И это правда: Гант боялся высоты. Странно услышать такое признание от владельца двух с половиной высочайших небоскребов и целого частокола зданий пониже, но вот тем не менее. Его нелюбовь к полетам стала легендой: если путешествие действительно неизбежно, Гарри предпочитал поезд — он даже построил сеть «транзитных молний», объединяющую сотню городов, почти единолично начав тем самым в Америке эпоху железнодорожного возрождения XXI века. В то же время «Промышленные Предприятия Ганта» подняли уровень виртуальных конференций на такую высоту, что теперь Гарри мог одновременно присутствовать на заседаниях совета директоров в Сингапуре, Праге, Токио и Каракасе, не покидая terra firma[7] Манхэттена.

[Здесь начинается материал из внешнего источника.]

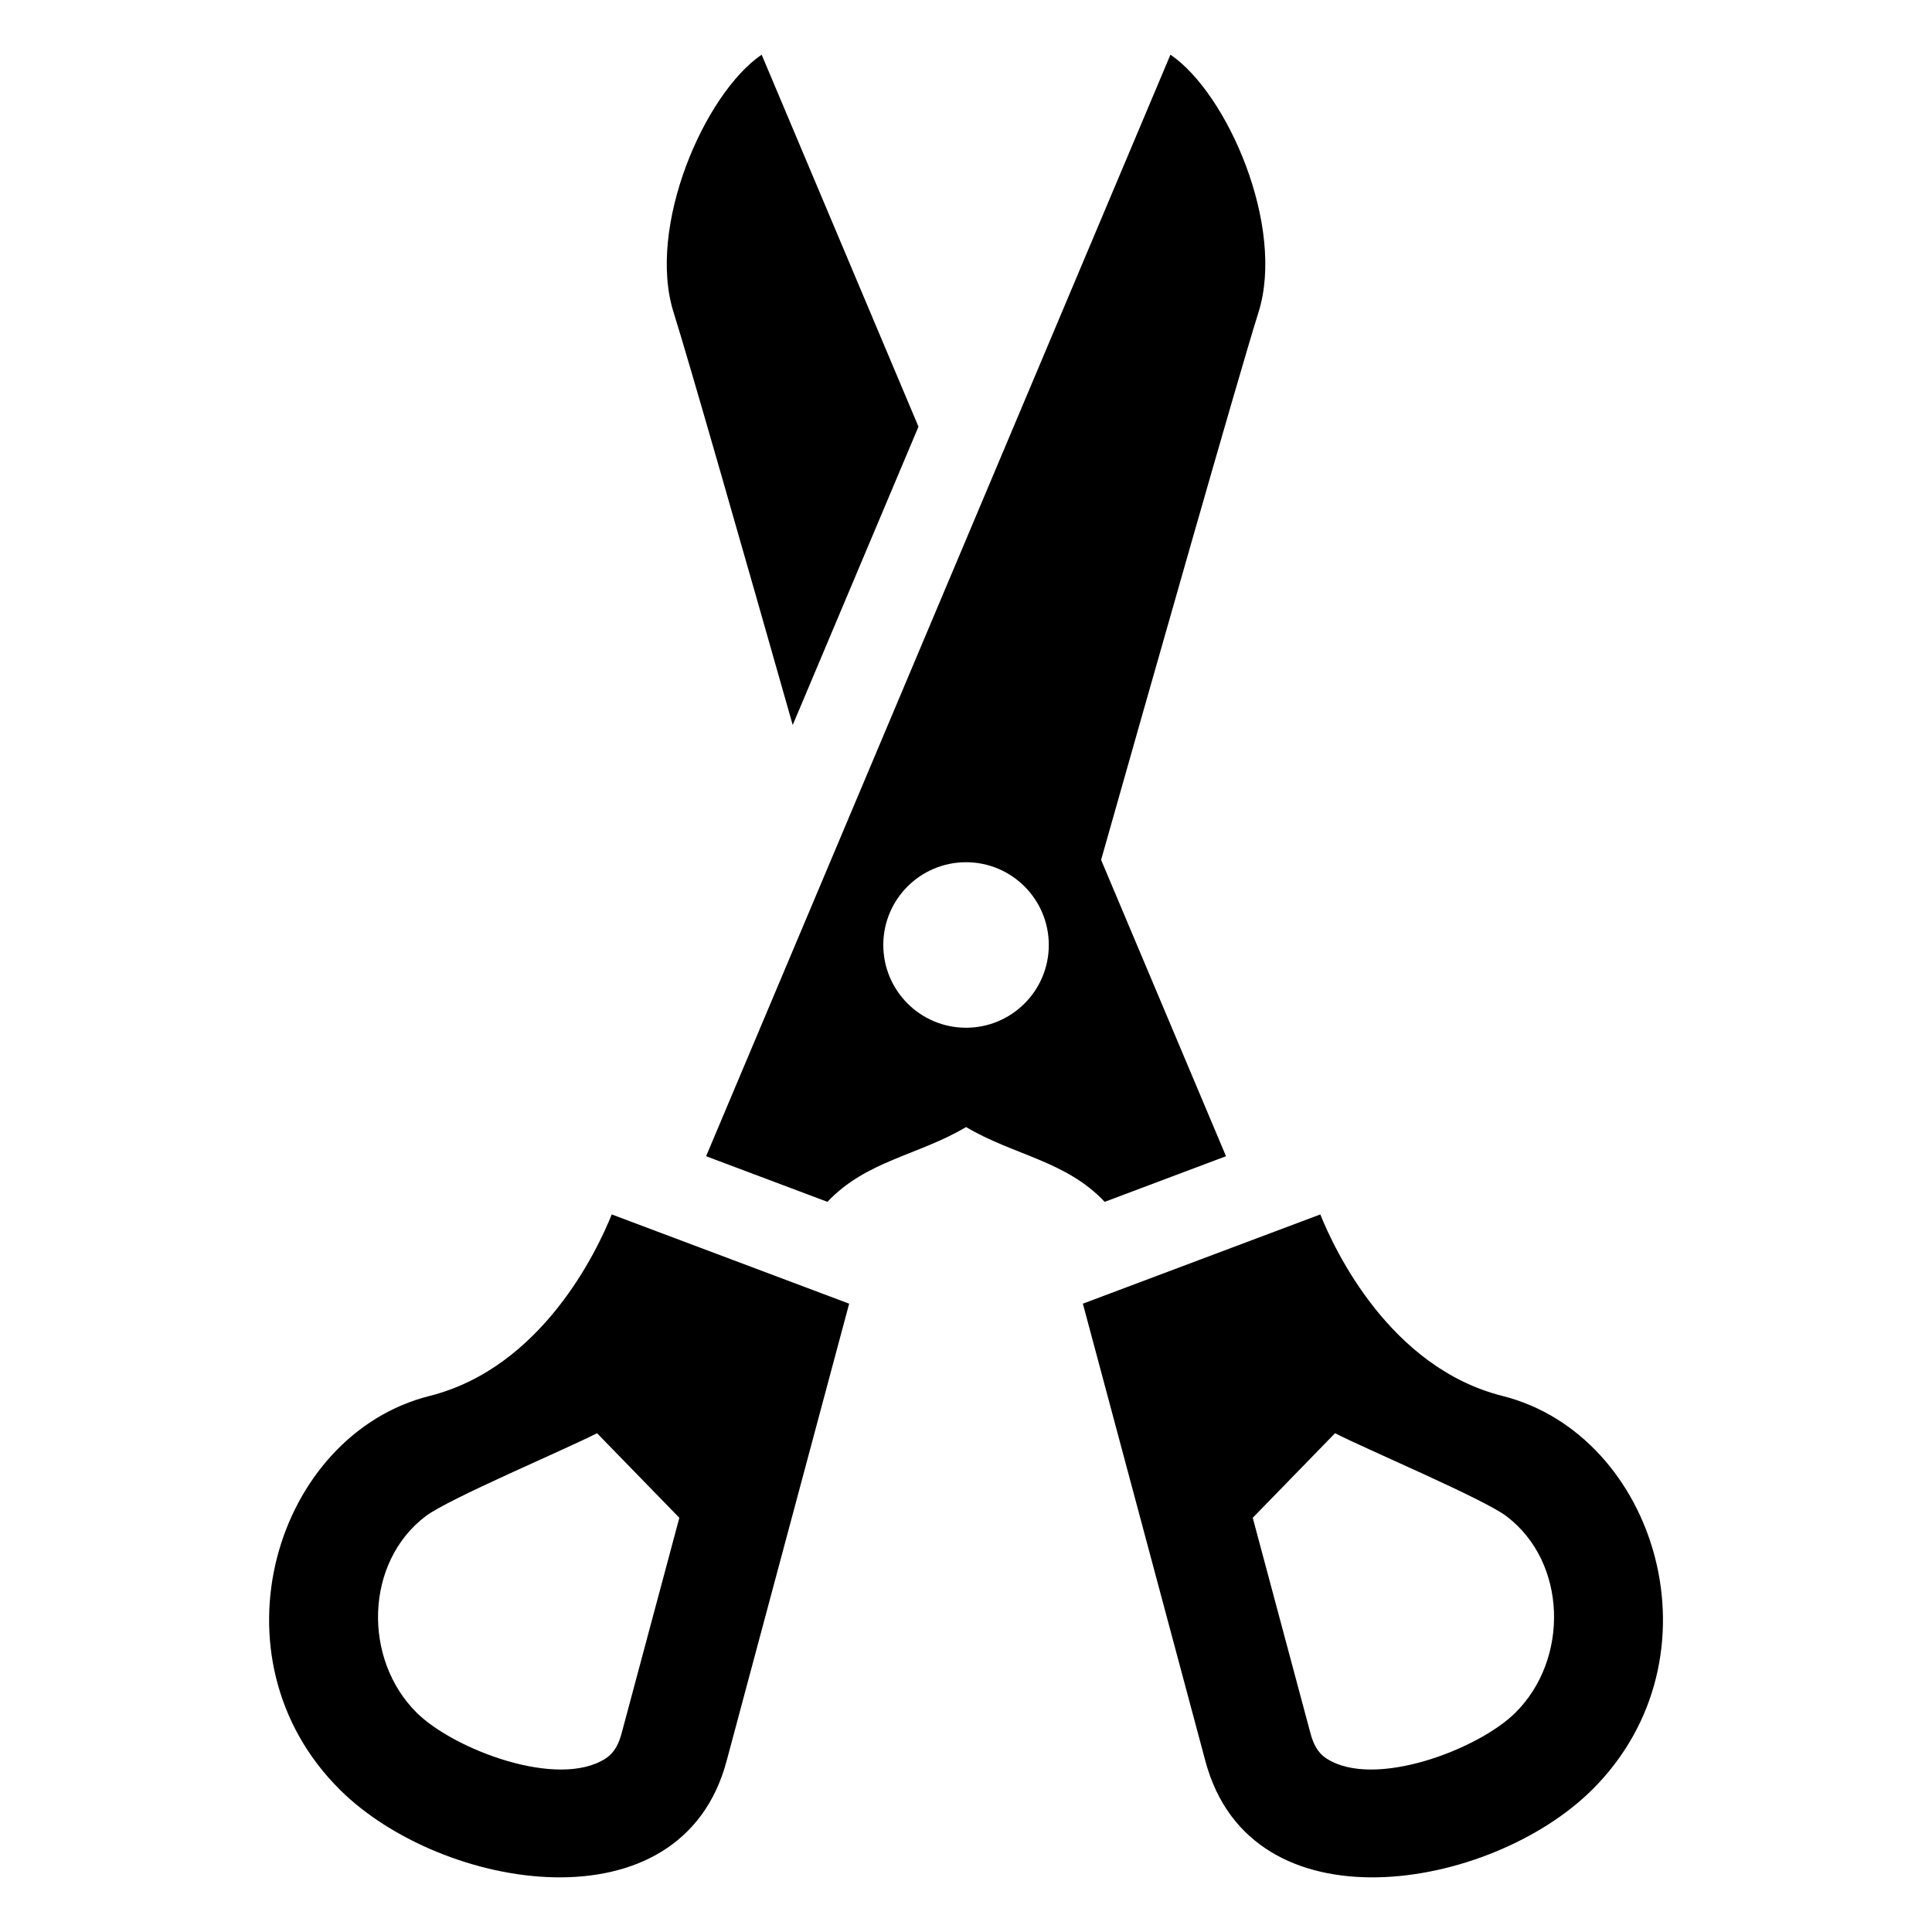 <?xml version="1.0" encoding="UTF-8"?>
<!-- Uploaded to: ICON Repo, www.svgrepo.com, Generator: ICON Repo Mixer Tools -->
<svg fill="#000000" width="800px" height="800px" version="1.1" viewBox="144 144 512 512" xmlns="http://www.w3.org/2000/svg">
 <path d="m345.84 158.48 41.566 98.59-33.328 79.062c-12.484-43.938-27.555-96.625-31.559-109.32-7.164-22.688 8.133-57.949 23.32-68.316zm54.172 214.02c12.105 0 21.93 9.824 21.93 21.93s-9.824 21.93-21.93 21.93c-12.105 0-21.93-9.824-21.93-21.93 0-12.121 9.824-21.93 21.93-21.93zm54.172-214.02-123.06 291.93 32.148 12.09c10.352-10.941 24.031-12.273 36.742-19.816 12.711 7.527 26.391 8.871 36.742 19.816l32.148-12.09-33.102-78.535c12.637-44.602 36.5-128.58 41.699-145.07 7.164-22.688-8.133-57.949-23.32-68.316zm39.707 307.35c3.824 9.492 18.41 40.582 48.277 48.109 40.855 10.277 59.098 69.328 23.715 104.41-26.887 26.648-90.293 37.637-102.43-7.602l-32.48-121.26 62.922-23.652zm-169.86 80.41-15.281 57.043c-0.727 2.719-1.828 5.152-4.246 6.727-12.637 8.207-40.281-2.418-50.074-12.121-14.27-14.148-13.77-39.766 2.312-52.039 6.121-4.672 37.316-17.82 45.48-22.035l21.824 22.43zm151.96 0 15.281 57.043c0.727 2.719 1.828 5.152 4.246 6.727 12.637 8.207 40.297-2.418 50.074-12.121 14.27-14.148 13.77-39.766-2.312-52.039-6.137-4.672-37.316-17.82-45.48-22.035l-21.824 22.43zm-169.87-80.41c-3.809 9.492-18.41 40.582-48.277 48.109-40.855 10.277-59.082 69.328-23.715 104.41 26.887 26.648 90.293 37.637 102.41-7.602l32.496-121.26-62.922-23.652z" fill-rule="evenodd"/>
</svg>

Даже рукотворные каньоны и пики родного города Гарри, символизировавшие все то, что ему особенно дорого, были слабее его укоренившейся акрофобии. Когда Гарри Гант любовался небесным пейзажем, безвкусными шпилями «Прибрежной Аркадии Трампа[8]» на северо-западе и расположенным чуть ближе небоскребом «Крайслера» (семьюдесятью семью ничтожными этажами которого он владел), южными великанами-близнецами, возвышающимися над Бэттери, он испытывал разнообразнейшие чувства, но вот броситься туда и сесть на первый же идущий наверх лифт ему никогда не хотелось.
С «Фениксом» же все было иначе. «Феникс» принадлежал Гарри — это не просто его собственность, но и его творение, его здание, высочайшее здание в истории человечества. Когда Гант стоял в его зените (или на вершине «Минарета» в Атланте, бывшего высочайшего здания в истории человечества, хотя Гарри теперь туда не часто ездит), все его восприятие как-то преображалось: ему казалось, что его держит в воздухе не грубая геометрия бетона и стали, а его собственная сила воли, непоколебимая сила.